Earlier this week I took a look at the straw poll conducted at the Conservative Political Action Conference and asked, "Are the Conservative Elites Ready to Abandon Bush?" Taking a gander at the response to the prosecutor purge, particularly from some of the most elite within the conservative establishment, it seems that some indeed are edging closer to removing their support from the current occupant of the White House. First, Nevada's Republican Senator John Ensign, chairman of the National Republican Senatorial Committee, someone who supported President Bush's position 90 percent of the time in 2006 and who voted with his party on party-line votes 91 percent of the time in 2006 (both according to CQ), speaks out in opposition to the mass firings. Steve Tetreault has the story for the Las Vegas Review-Journal.
Ensign, R-Nev., said the removal of the U.S. attorneys "has been completely mishandled.""It is not unusual to let U.S. attorneys go, but you need to have good reasons especially if you are going to do seven at the same time," he said.
[...]
"What the Justice Department testified yesterday is inconsistent with what they told me," Ensign said. "I can't even tell you how upset I am at the Justice Department."
Asked whether he believed he was misled, Ensign said, "I was not told the same thing that I was at the hearing, let me put it that way."
Ensign is not the only member of the conservative elite to be outraged by the partisanization of the United States Attorneys. US News' Michael Barone had the following to say yesterday on his periodical's website.
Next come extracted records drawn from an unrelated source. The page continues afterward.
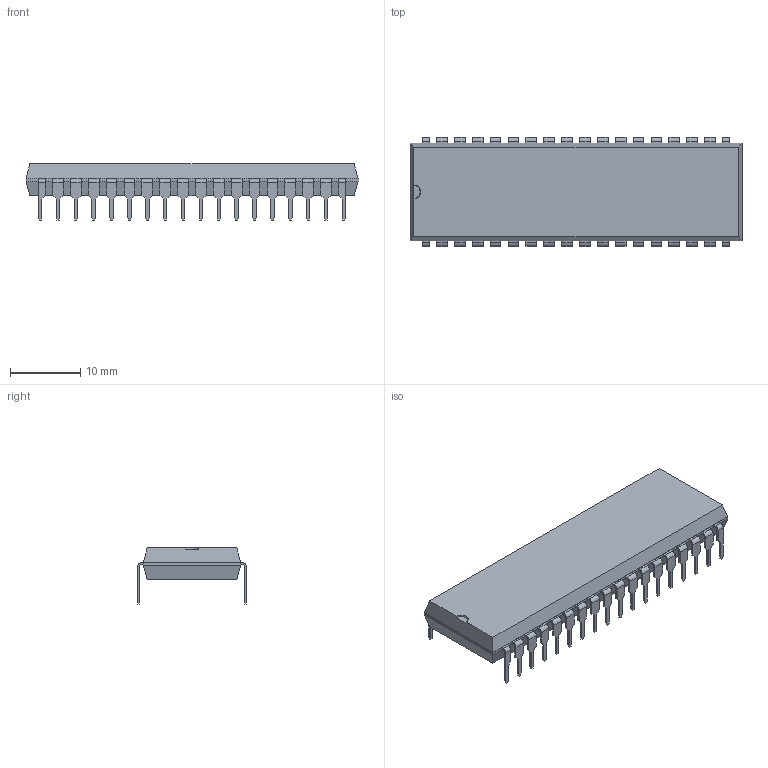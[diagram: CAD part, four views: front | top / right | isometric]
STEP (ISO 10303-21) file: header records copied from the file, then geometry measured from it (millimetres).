
FILE_DESCRIPTION(('STEP AP214'), '1');
FILE_NAME('DIP_package', '2018-05-07T10:39:28', ('Egor'), (''), 'ASCON STEP Converter 1.3', 'ASCON Math Kernel', '');
FILE_SCHEMA(('AUTOMOTIVE_DESIGN { 1 0 10303 214 3 1 1}'));
Length unit declared in the file: millimetre
Bounding box: 47.2 x 15.49 x 8 mm (x, y, z)
Volume: 2853.2 mm3; surface area: 2271 mm2
Topology: 1 solids, 1 shells, 550 faces, 1528 edges, 1016 vertices
Faces by surface type: plane 477, cylinder 72, cone 1
Entity records: 21802 total; most frequent: CARTESIAN_POINT 3103, ORIENTED_EDGE 3056, DIRECTION 2774, EDGE_CURVE 1528, LINE 1380, VECTOR 1380, VERTEX_POINT 1016, AXIS2_PLACEMENT_3D 697

The emerging scandal surrounding the dismissals of eight former U.S. attorney should signify to American voters the depth, breadth, and permeation of corruptio in the Bush administrationWhen a U.S. senator (to wit, Pete Domenici, a New Mexico Republican) feels free to call a prosecutor at home and hang up on him for resisting political pressure in the course of executing his prosecutorial duties, the line between politics and law enforcement has been so thoroughly violated that it no longer exists.
[...]
Domenici would not have made that call had either a Democrat or a law-abiding Republican been in the White House. He would not have had the temerity to throw his weight around to such an outrageous extent.
What's going on in Washington is not sufficiently removed from the routine doings of a tawdry Third World dictatorship to give any American comfort.
Although I was hopeful that this move by a Republican President to summarily fire Republican prosecutors for partisan political reasons would awaken some of the conservative elite, showing them just the type of man they have so strenuously supported over the last six plus years, I was not necessarily optimistic that such a thing would occur. After all, it was just yesterday that David Gergen, advisor to three Republican presidents (and Bill Clinton, too), said, "This is an administration that has been mostly free of scandal over the last six years and now they have the taint that they cannot erase." But apparently some elite Republicans and conservatives are finally realizing the damage George W. Bush is doing both to their movement and to this country, and are, as a result, finally beginning to distance themselves from his administration. And as I noted on Monday, "If these elite sentiments trickle down to the base -- and they quite possibly will -- we could see a further deterioration of support for President Bush, both around the country and potentially up on Capitol Hill, further weakening the White House's hand as it tries to advance its radical agenda."
Update [2007-3-8 17:43:41 by Jonathan Singer]: Barone now says that his site was hacked, that he did not write the post in question. I think the larger point does still stand -- that if bastions of the conservative and Republican elite begin to waver in their support of the President it bodes poorly for his chances of achieving anything in the next two years.